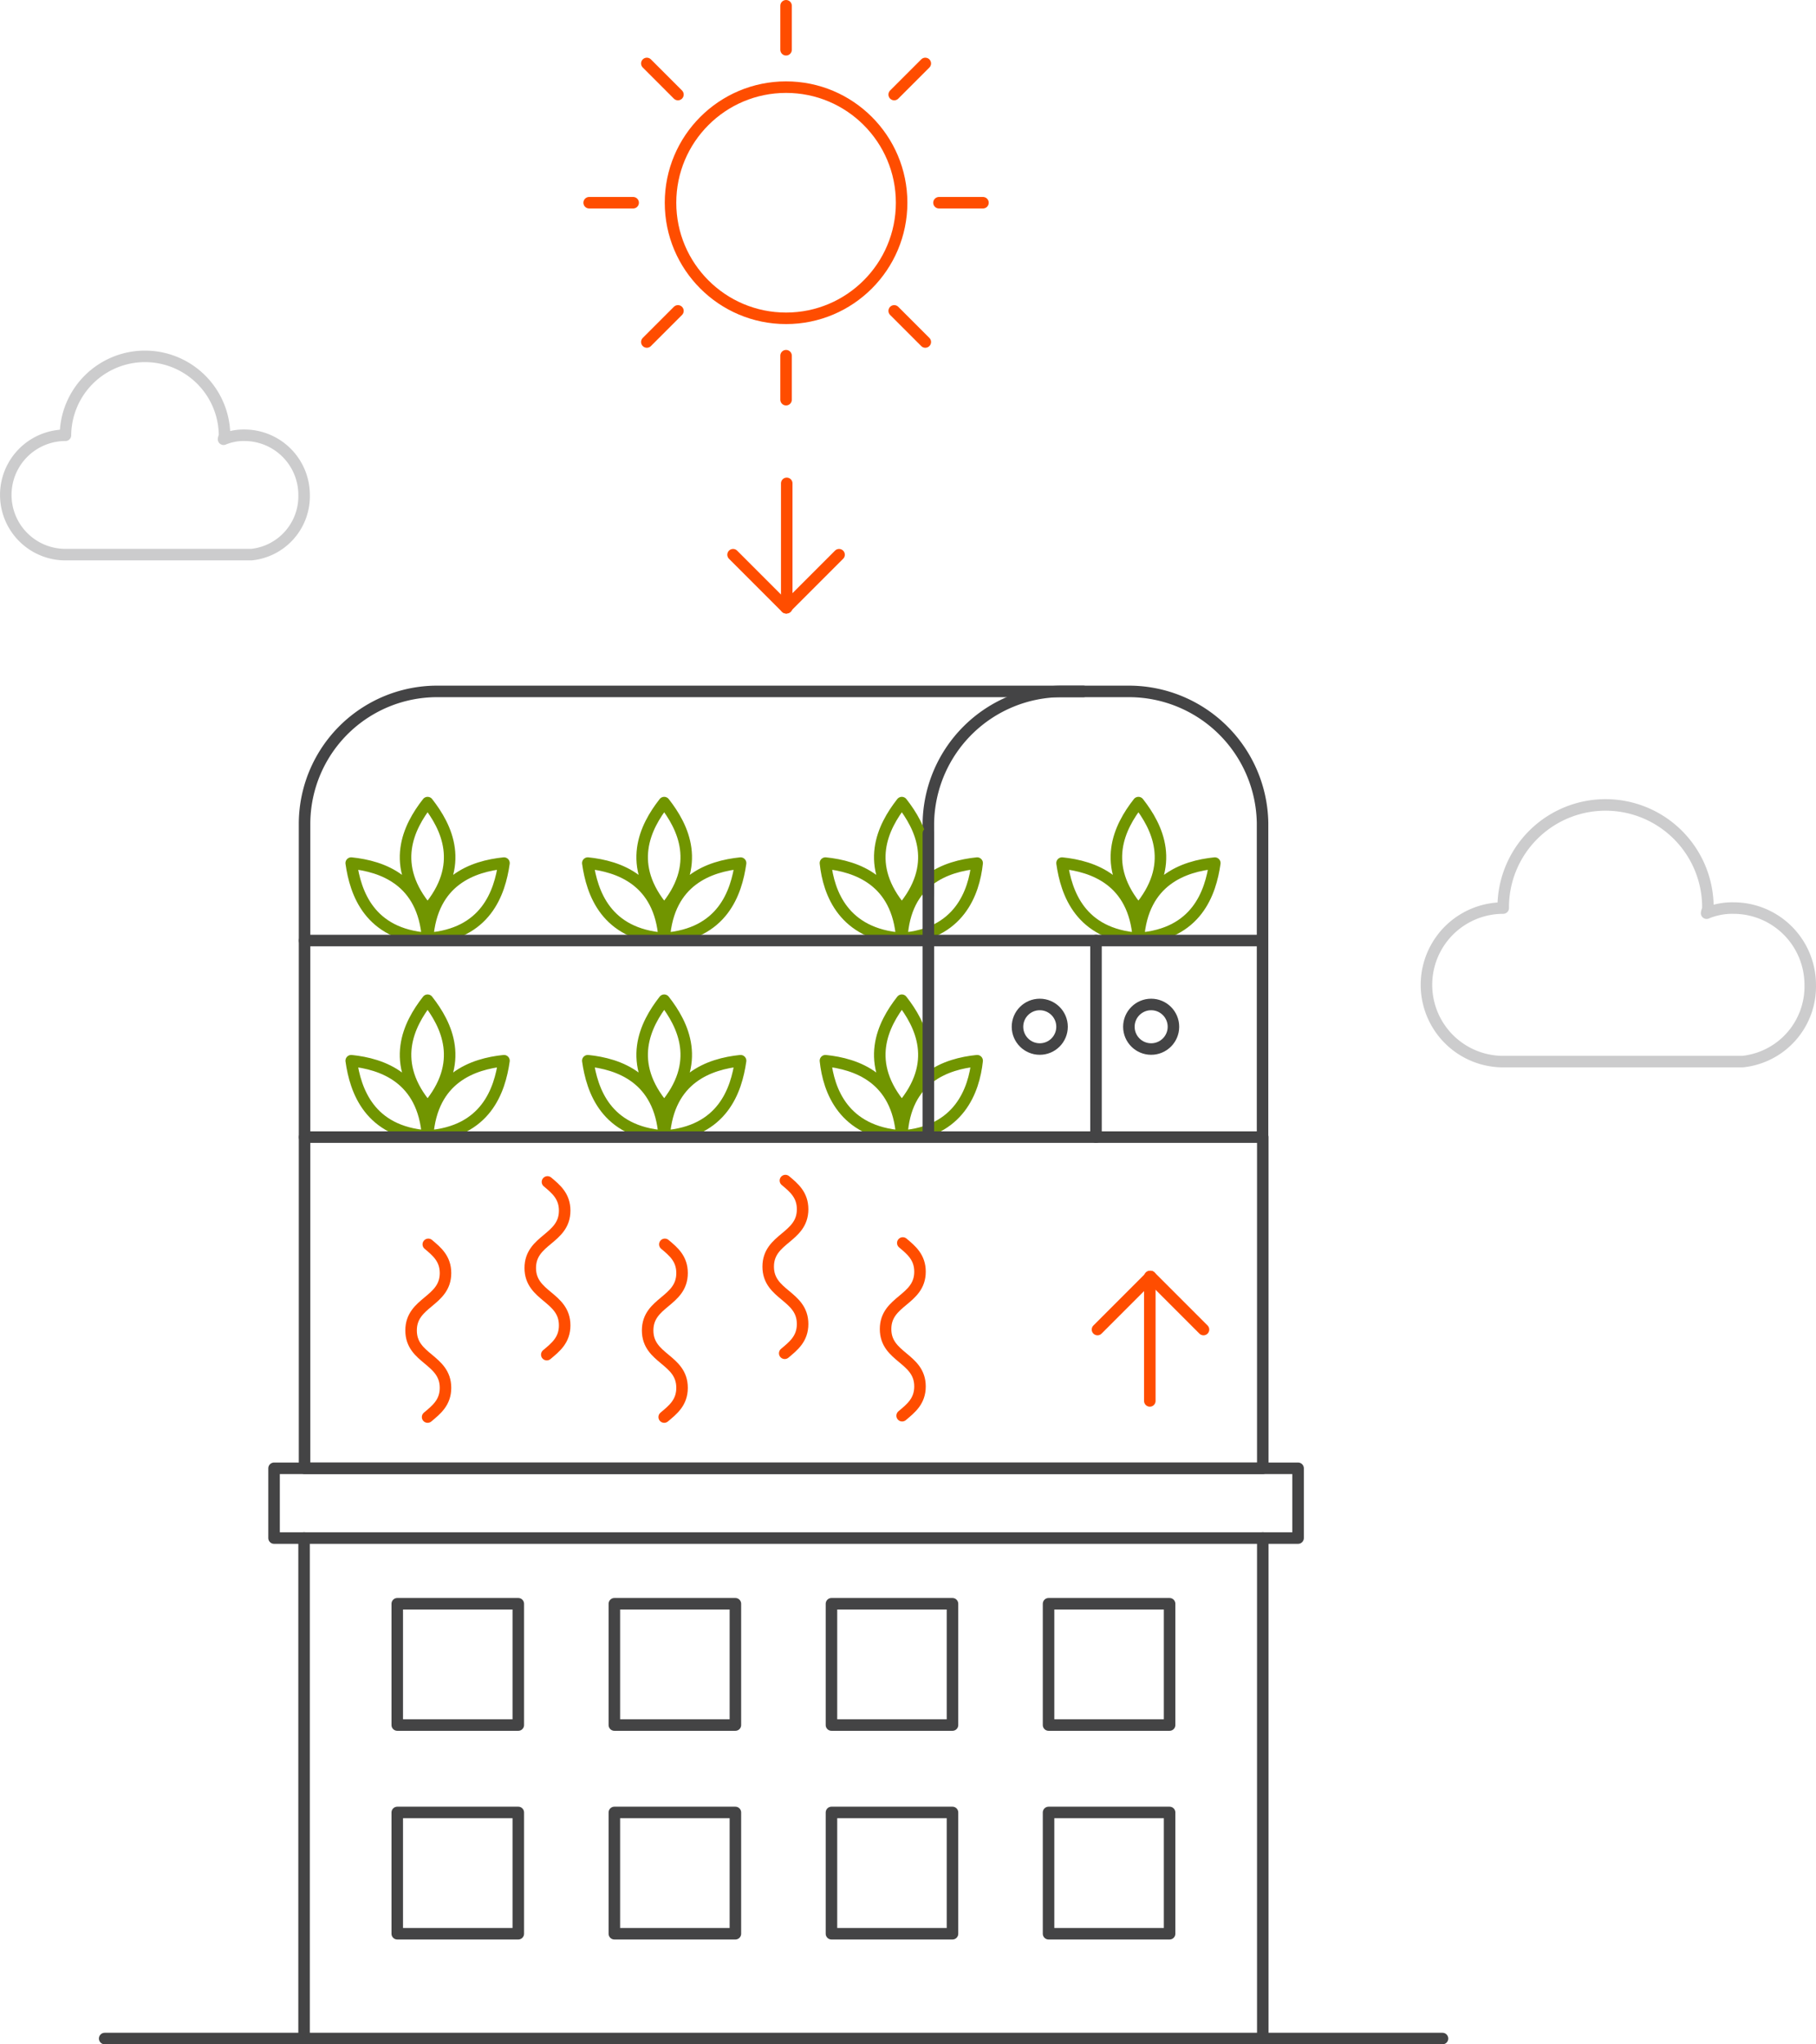 <svg xmlns="http://www.w3.org/2000/svg" width="315.301" height="354.83" viewBox="0 0 315.301 354.83">
  <g id="Group_4363" data-name="Group 4363" transform="translate(-6395.803 -4965.431)">
    <g id="Group_4348" data-name="Group 4348" transform="translate(6532.283 4966.432)">
      <line id="Line_239" data-name="Line 239" y1="7.635" fill="none" stroke="#ff4d00" stroke-linecap="round" stroke-linejoin="round" stroke-width="2"/>
      <line id="Line_240" data-name="Line 240" y1="7.635" transform="translate(0 60.737)" fill="none" stroke="#ff4d00" stroke-linecap="round" stroke-linejoin="round" stroke-width="2"/>
    </g>
    <g id="Group_4349" data-name="Group 4349" transform="translate(6508.11 4976.445)">
      <line id="Line_241" data-name="Line 241" x1="5.399" y1="5.399" fill="none" stroke="#ff4d00" stroke-linecap="round" stroke-linejoin="round" stroke-width="2"/>
      <line id="Line_242" data-name="Line 242" x1="5.399" y1="5.399" transform="translate(42.948 42.947)" fill="none" stroke="#ff4d00" stroke-linecap="round" stroke-linejoin="round" stroke-width="2"/>
    </g>
    <g id="Group_4350" data-name="Group 4350" transform="translate(6498.097 5000.618)">
      <line id="Line_243" data-name="Line 243" x1="7.635" fill="none" stroke="#ff4d00" stroke-linecap="round" stroke-linejoin="round" stroke-width="2"/>
      <line id="Line_244" data-name="Line 244" x1="7.635" transform="translate(60.737)" fill="none" stroke="#ff4d00" stroke-linecap="round" stroke-linejoin="round" stroke-width="2"/>
    </g>
    <g id="Group_4351" data-name="Group 4351" transform="translate(6508.11 4976.445)">
      <line id="Line_245" data-name="Line 245" x1="5.399" y2="5.399" transform="translate(0 42.947)" fill="none" stroke="#ff4d00" stroke-linecap="round" stroke-linejoin="round" stroke-width="2"/>
      <line id="Line_246" data-name="Line 246" x1="5.399" y2="5.399" transform="translate(42.948)" fill="none" stroke="#ff4d00" stroke-linecap="round" stroke-linejoin="round" stroke-width="2"/>
    </g>
    <line id="Line_247" data-name="Line 247" x2="232.279" transform="translate(6413.976 5319.261)" fill="none" stroke="#444445" stroke-linecap="round" stroke-linejoin="round" stroke-width="2"/>
    <path id="Path_1171" data-name="Path 1171" d="M6628.5,5090.439a13.326,13.326,0,0,0-13.326-13.327,11.55,11.55,0,0,0-4.664.888c0-.221.223-.667.223-.888a17.769,17.769,0,1,0-35.537,0,13.326,13.326,0,1,0,0,26.652h41.534A13.1,13.1,0,0,0,6628.5,5090.439Z" transform="translate(81.601 45.932)" fill="none" stroke="#cccccd" stroke-linecap="round" stroke-linejoin="round" stroke-width="2"/>
    <path id="Path_1172" data-name="Path 1172" d="M6448.6,5031.246a10.36,10.36,0,0,0-10.359-10.359,8.994,8.994,0,0,0-3.625.691c0-.173.172-.518.172-.691a13.812,13.812,0,0,0-27.623,0,10.359,10.359,0,0,0,0,20.718h32.284A10.187,10.187,0,0,0,6448.6,5031.246Z" transform="translate(0.001 20.093)" fill="none" stroke="#cccccd" stroke-linecap="round" stroke-linejoin="round" stroke-width="2"/>
    <circle id="Ellipse_374" data-name="Ellipse 374" cx="20.062" cy="20.062" r="20.062" transform="translate(6512.222 4980.556)" fill="none" stroke="#ff4d00" stroke-linecap="round" stroke-linejoin="round" stroke-width="2"/>
    <path id="Path_1173" data-name="Path 1173" d="M6530.891,5046.068h-3.685a23.21,23.21,0,0,0-23.209,22.84v12.34" transform="translate(52.993 39.37)" fill="none" stroke="#444445" stroke-linecap="round" stroke-linejoin="round" stroke-width="2"/>
    <path id="Path_1174" data-name="Path 1174" d="M6450.2,5058.984c-3.315,4.236-6.632,10.867,0,18.6C6456.835,5069.851,6453.519,5063.22,6450.2,5058.984Zm0,23.577c10.131-.737,12.526-7.921,13.263-13.078-5.342.552-12.525,2.947-13.263,13.078Zm-13.263-13.078c.737,5.157,3.132,12.341,13.263,13.078-.736-10.131-7.921-12.526-13.263-13.078Z" transform="translate(19.844 45.754)" fill="none" stroke="#719500" stroke-linecap="round" stroke-linejoin="round" stroke-width="2"/>
    <path id="Path_1175" data-name="Path 1175" d="M6477.692,5058.984c-3.314,4.236-6.631,10.867,0,18.6C6484.324,5069.851,6481.008,5063.22,6477.692,5058.984Zm0,23.577c10.132-.737,12.525-7.921,13.263-13.078-5.342.552-12.526,2.947-13.263,13.078Zm-13.263-13.078c.736,5.157,3.132,12.341,13.263,13.078-.736-10.131-7.921-12.526-13.263-13.078Z" transform="translate(33.432 45.754)" fill="none" stroke="#719500" stroke-linecap="round" stroke-linejoin="round" stroke-width="2"/>
    <path id="Path_1176" data-name="Path 1176" d="M6505.3,5058.984c-3.314,4.236-6.631,10.867,0,18.6C6511.936,5069.851,6508.619,5063.22,6505.3,5058.984Zm0,23.577c9.947-.737,12.524-7.921,13.078-13.078-5.343.552-12.525,2.947-13.078,13.078Zm-13.263-13.078c.553,5.157,3.133,12.341,13.263,13.078-.736-10.131-7.92-12.526-13.263-13.078Z" transform="translate(47.081 45.754)" fill="none" stroke="#719500" stroke-linecap="round" stroke-linejoin="round" stroke-width="2"/>
    <path id="Path_1177" data-name="Path 1177" d="M6450.2,5081.938c-3.315,4.236-6.632,10.868,0,18.6C6456.835,5092.806,6453.519,5086.174,6450.2,5081.938Zm0,23.578c10.131-.736,12.526-7.92,13.263-13.079-5.342.553-12.525,2.948-13.263,13.079Zm-13.263-13.079c.737,5.159,3.132,12.342,13.263,13.079-.736-10.13-7.921-12.526-13.263-13.079Z" transform="translate(19.844 57.101)" fill="none" stroke="#719500" stroke-linecap="round" stroke-linejoin="round" stroke-width="2"/>
    <path id="Path_1178" data-name="Path 1178" d="M6477.692,5081.938c-3.314,4.236-6.631,10.868,0,18.6C6484.324,5092.806,6481.008,5086.174,6477.692,5081.938Zm0,23.578c10.132-.736,12.525-7.92,13.263-13.079-5.342.553-12.526,2.948-13.263,13.079Zm-13.263-13.079c.736,5.159,3.132,12.342,13.263,13.079-.736-10.13-7.921-12.526-13.263-13.079Z" transform="translate(33.432 57.101)" fill="none" stroke="#719500" stroke-linecap="round" stroke-linejoin="round" stroke-width="2"/>
    <path id="Path_1179" data-name="Path 1179" d="M6505.3,5081.938c-3.314,4.236-6.631,10.868,0,18.6C6511.936,5092.806,6508.619,5086.174,6505.3,5081.938Zm0,23.578c9.947-.736,12.524-7.92,13.078-13.079-5.343.553-12.525,2.948-13.078,13.079Zm-13.263-13.079c.553,5.159,3.133,12.342,13.263,13.079-.736-10.13-7.92-12.526-13.263-13.079Z" transform="translate(47.081 57.101)" fill="none" stroke="#719500" stroke-linecap="round" stroke-linejoin="round" stroke-width="2"/>
    <path id="Path_1180" data-name="Path 1180" d="M6532.791,5058.984c-3.315,4.236-6.631,10.867,0,18.6C6539.423,5069.851,6536.107,5063.22,6532.791,5058.984Zm0,23.577c10.132-.737,12.526-7.921,13.263-13.078-5.343.552-12.526,2.947-13.263,13.078Zm-13.263-13.078c.737,5.157,3.133,12.341,13.263,13.078-.736-10.131-7.92-12.526-13.263-13.078Z" transform="translate(60.67 45.754)" fill="none" stroke="#719500" stroke-linecap="round" stroke-linejoin="round" stroke-width="2"/>
    <rect id="Rectangle_1787" data-name="Rectangle 1787" width="177.796" height="12.109" transform="translate(6443.386 5220.284)" fill="none" stroke="#444445" stroke-linecap="round" stroke-linejoin="round" stroke-width="2"/>
    <line id="Line_248" data-name="Line 248" y2="86.705" transform="translate(6615.052 5232.393)" fill="none" stroke="#444445" stroke-linecap="round" stroke-linejoin="round" stroke-width="2"/>
    <path id="Path_1181" data-name="Path 1181" d="M6597.852,5123.432v-54.522a23.21,23.21,0,0,0-23.209-22.84H6454.728a23.023,23.023,0,0,0-23.208,22.839h0v54.522" transform="translate(17.161 39.369)" fill="none" stroke="#444445" stroke-linecap="round" stroke-linejoin="round" stroke-width="2"/>
    <line id="Line_249" data-name="Line 249" x2="165.963" transform="translate(6448.681 5128.683)" fill="none" stroke="#444445" stroke-linecap="round" stroke-linejoin="round" stroke-width="2"/>
    <line id="Line_250" data-name="Line 250" y2="34.118" transform="translate(6586.094 5128.683)" fill="none" stroke="#444445" stroke-linecap="round" stroke-linejoin="round" stroke-width="2"/>
    <circle id="Ellipse_375" data-name="Ellipse 375" cx="3.868" cy="3.868" r="3.868" transform="translate(6572.463 5139.777)" fill="none" stroke="#444445" stroke-linecap="round" stroke-linejoin="round" stroke-width="2"/>
    <circle id="Ellipse_376" data-name="Ellipse 376" cx="3.868" cy="3.868" r="3.868" transform="translate(6591.804 5139.777)" fill="none" stroke="#444445" stroke-linecap="round" stroke-linejoin="round" stroke-width="2"/>
    <g id="Group_4352" data-name="Group 4352" transform="translate(6464.776 5243.798)">
      <rect id="Rectangle_1788" data-name="Rectangle 1788" width="21.015" height="21.049" fill="none" stroke="#444445" stroke-linecap="round" stroke-linejoin="round" stroke-width="2"/>
      <rect id="Rectangle_1789" data-name="Rectangle 1789" width="21.015" height="21.049" transform="translate(37.694)" fill="none" stroke="#444445" stroke-linecap="round" stroke-linejoin="round" stroke-width="2"/>
      <rect id="Rectangle_1790" data-name="Rectangle 1790" width="21.015" height="21.049" transform="translate(75.388)" fill="none" stroke="#444445" stroke-linecap="round" stroke-linejoin="round" stroke-width="2"/>
      <rect id="Rectangle_1791" data-name="Rectangle 1791" width="21.015" height="21.049" transform="translate(113.082)" fill="none" stroke="#444445" stroke-linecap="round" stroke-linejoin="round" stroke-width="2"/>
    </g>
    <g id="Group_4353" data-name="Group 4353" transform="translate(6464.776 5280.02)">
      <rect id="Rectangle_1792" data-name="Rectangle 1792" width="21.015" height="21.049" fill="none" stroke="#444445" stroke-linecap="round" stroke-linejoin="round" stroke-width="2"/>
      <rect id="Rectangle_1793" data-name="Rectangle 1793" width="21.015" height="21.049" transform="translate(37.694)" fill="none" stroke="#444445" stroke-linecap="round" stroke-linejoin="round" stroke-width="2"/>
      <rect id="Rectangle_1794" data-name="Rectangle 1794" width="21.015" height="21.049" transform="translate(75.388)" fill="none" stroke="#444445" stroke-linecap="round" stroke-linejoin="round" stroke-width="2"/>
      <rect id="Rectangle_1795" data-name="Rectangle 1795" width="21.015" height="21.049" transform="translate(113.082)" fill="none" stroke="#444445" stroke-linecap="round" stroke-linejoin="round" stroke-width="2"/>
    </g>
    <line id="Line_251" data-name="Line 251" y2="86.705" transform="translate(6448.598 5232.393)" fill="none" stroke="#444445" stroke-linecap="round" stroke-linejoin="round" stroke-width="2"/>
    <rect id="Rectangle_1796" data-name="Rectangle 1796" width="166.371" height="57.482" transform="translate(6448.681 5162.801)" fill="none" stroke="#444445" stroke-linecap="round" stroke-linejoin="round" stroke-width="2"/>
    <g id="Group_4354" data-name="Group 4354" transform="translate(6549.564 5181.172)">
      <path id="Line_97" data-name="Line 97" d="M6501.9,5140.115c1.532-1.279,3.1-2.523,3.1-5.079,0-2.49-1.494-3.734-2.987-4.979v0c-1.493-1.246-2.989-2.489-2.989-4.979,0-4.98,5.977-4.98,5.977-9.961,0-2.49-1.494-3.736-2.987-4.981" transform="translate(-6499.028 -5110.133)" fill="none" stroke="#ff4d00" stroke-linecap="round" stroke-linejoin="round" stroke-width="2"/>
    </g>
    <g id="Group_4355" data-name="Group 4355" transform="translate(6508.253 5181.409)">
      <path id="Line_97-2" data-name="Line 97" d="M6474.255,5140.272c1.531-1.278,3.1-2.523,3.1-5.078,0-2.489-1.494-3.736-2.988-4.98v0c-1.493-1.243-2.987-2.488-2.987-4.976,0-4.981,5.976-4.981,5.976-9.962,0-2.491-1.494-3.736-2.988-4.98" transform="translate(-6471.384 -5110.291)" fill="none" stroke="#ff4d00" stroke-linecap="round" stroke-linejoin="round" stroke-width="2"/>
    </g>
    <g id="Group_4356" data-name="Group 4356" transform="translate(6529.179 5170.338)">
      <path id="Line_97-3" data-name="Line 97" d="M6488.257,5132.864c1.532-1.278,3.105-2.522,3.105-5.078,0-2.492-1.494-3.736-2.987-4.981v0c-1.494-1.245-2.988-2.489-2.988-4.977,0-4.98,5.976-4.98,5.976-9.961,0-2.492-1.494-3.736-2.987-4.98" transform="translate(-6485.387 -5102.883)" fill="none" stroke="#ff4d00" stroke-linecap="round" stroke-linejoin="round" stroke-width="2"/>
    </g>
    <g id="Group_4357" data-name="Group 4357" transform="translate(6487.868 5170.573)">
      <path id="Line_97-4" data-name="Line 97" d="M6460.612,5133.022c1.531-1.279,3.105-2.524,3.105-5.079,0-2.49-1.494-3.734-2.988-4.981v0c-1.493-1.245-2.987-2.49-2.987-4.978,0-4.981,5.976-4.981,5.976-9.961,0-2.49-1.494-3.736-2.988-4.98" transform="translate(-6457.742 -5103.04)" fill="none" stroke="#ff4d00" stroke-linecap="round" stroke-linejoin="round" stroke-width="2"/>
    </g>
    <g id="Group_4358" data-name="Group 4358" transform="translate(6467.176 5181.409)">
      <path id="Line_97-5" data-name="Line 97" d="M6446.767,5140.272c1.531-1.278,3.105-2.523,3.105-5.078,0-2.489-1.5-3.736-2.987-4.98v0c-1.5-1.243-2.989-2.488-2.989-4.976,0-4.981,5.977-4.981,5.977-9.962,0-2.491-1.5-3.736-2.987-4.98" transform="translate(-6443.896 -5110.291)" fill="none" stroke="#ff4d00" stroke-linecap="round" stroke-linejoin="round" stroke-width="2"/>
    </g>
    <line id="Line_252" data-name="Line 252" y2="52.534" transform="translate(6556.99 5110.083)" fill="none" stroke="#444445" stroke-linecap="round" stroke-linejoin="round" stroke-width="2"/>
    <g id="Group_4360" data-name="Group 4360" transform="translate(6523.081 5049.328)">
      <g id="Group_4359" data-name="Group 4359" transform="translate(0 12.385)">
        <line id="Line_253" data-name="Line 253" y1="9.202" x2="9.202" transform="translate(9.202)" fill="none" stroke="#ff4d00" stroke-linecap="round" stroke-linejoin="round" stroke-width="2"/>
        <line id="Line_254" data-name="Line 254" x1="9.202" y1="9.202" fill="none" stroke="#ff4d00" stroke-linecap="round" stroke-linejoin="round" stroke-width="2"/>
      </g>
      <line id="Line_97-6" data-name="Line 97" y2="21.587" transform="translate(9.319)" fill="none" stroke="#ff4d00" stroke-linecap="round" stroke-linejoin="round" stroke-width="2"/>
    </g>
    <g id="Group_4362" data-name="Group 4362" transform="translate(6586.354 5187)">
      <g id="Group_4361" data-name="Group 4361">
        <line id="Line_255" data-name="Line 255" x1="9.202" y2="9.202" fill="none" stroke="#ff4d00" stroke-linecap="round" stroke-linejoin="round" stroke-width="2"/>
        <line id="Line_256" data-name="Line 256" x2="9.202" y2="9.202" transform="translate(9.202)" fill="none" stroke="#ff4d00" stroke-linecap="round" stroke-linejoin="round" stroke-width="2"/>
      </g>
      <line id="Line_97-7" data-name="Line 97" y1="21.587" transform="translate(9.085)" fill="none" stroke="#ff4d00" stroke-linecap="round" stroke-linejoin="round" stroke-width="2"/>
    </g>
  </g>
</svg>

■ ■ ■

What to work on | From the records above, count the lines in which the string "Ellipse" is found, and answer with the number alone.

Response area | 3